> [TASK ITEM]: Set down, word for word, the line with "Q: x-height? A: Small." and the lines after it through the final line of the data below, without pictures.

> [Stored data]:
═══
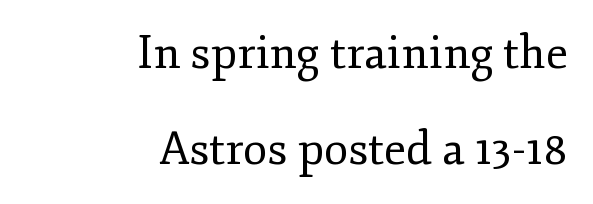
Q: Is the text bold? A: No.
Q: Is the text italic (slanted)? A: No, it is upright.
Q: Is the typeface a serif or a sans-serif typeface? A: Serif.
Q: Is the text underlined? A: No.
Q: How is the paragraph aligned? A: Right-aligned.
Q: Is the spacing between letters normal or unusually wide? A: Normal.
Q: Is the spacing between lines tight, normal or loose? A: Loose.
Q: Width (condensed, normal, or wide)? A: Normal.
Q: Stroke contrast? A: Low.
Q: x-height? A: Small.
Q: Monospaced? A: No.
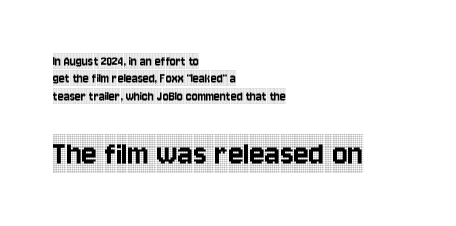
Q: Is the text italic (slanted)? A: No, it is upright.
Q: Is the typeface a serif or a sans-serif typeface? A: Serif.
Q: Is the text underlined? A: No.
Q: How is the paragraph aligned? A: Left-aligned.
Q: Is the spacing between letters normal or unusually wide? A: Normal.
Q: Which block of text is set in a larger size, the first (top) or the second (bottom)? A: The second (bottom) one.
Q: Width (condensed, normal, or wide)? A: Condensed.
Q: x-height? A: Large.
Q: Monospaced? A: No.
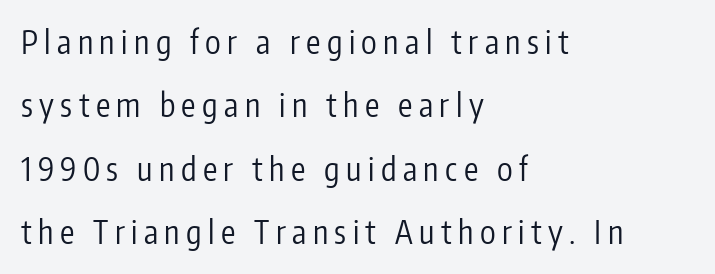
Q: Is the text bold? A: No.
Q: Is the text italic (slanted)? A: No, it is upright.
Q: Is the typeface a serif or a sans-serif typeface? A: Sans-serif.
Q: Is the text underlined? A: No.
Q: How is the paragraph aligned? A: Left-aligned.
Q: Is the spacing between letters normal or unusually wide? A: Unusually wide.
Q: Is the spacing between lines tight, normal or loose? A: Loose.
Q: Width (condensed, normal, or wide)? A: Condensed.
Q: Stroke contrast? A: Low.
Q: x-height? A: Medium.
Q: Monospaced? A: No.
═══
> [WORKED SOLUTION]:
Q: x-height? A: Small.
Q: Monospaced? A: No.
Q: Is the text italic (slanted)? A: No, it is upright.
Q: Is the typeface a serif or a sans-serif typeface? A: Serif.
Q: Is the text underlined? A: No.
Q: How is the paragraph aligned? A: Left-aligned.
Q: Is the spacing between letters normal or unusually wide? A: Normal.
Q: Which block of text is set in a larger size, the first (top) or the second (bottom)? A: The second (bottom) one.
Q: Width (condensed, normal, or wide)? A: Condensed.
Q: x-height? A: Large.
Q: Monospaced? A: No.
Q: Is the text bold? A: No.
Q: Is the text italic (slanted)? A: No, it is upright.
Q: Is the typeface a serif or a sans-serif typeface? A: Sans-serif.
Q: Is the text underlined? A: No.
Q: How is the paragraph aligned? A: Left-aligned.
Q: Is the spacing between letters normal or unusually wide? A: Unusually wide.
Q: Is the spacing between lines tight, normal or loose? A: Loose.
Q: Width (condensed, normal, or wide)? A: Condensed.
Q: Stroke contrast? A: Low.
Q: x-height? A: Medium.
Q: Monospaced? A: No.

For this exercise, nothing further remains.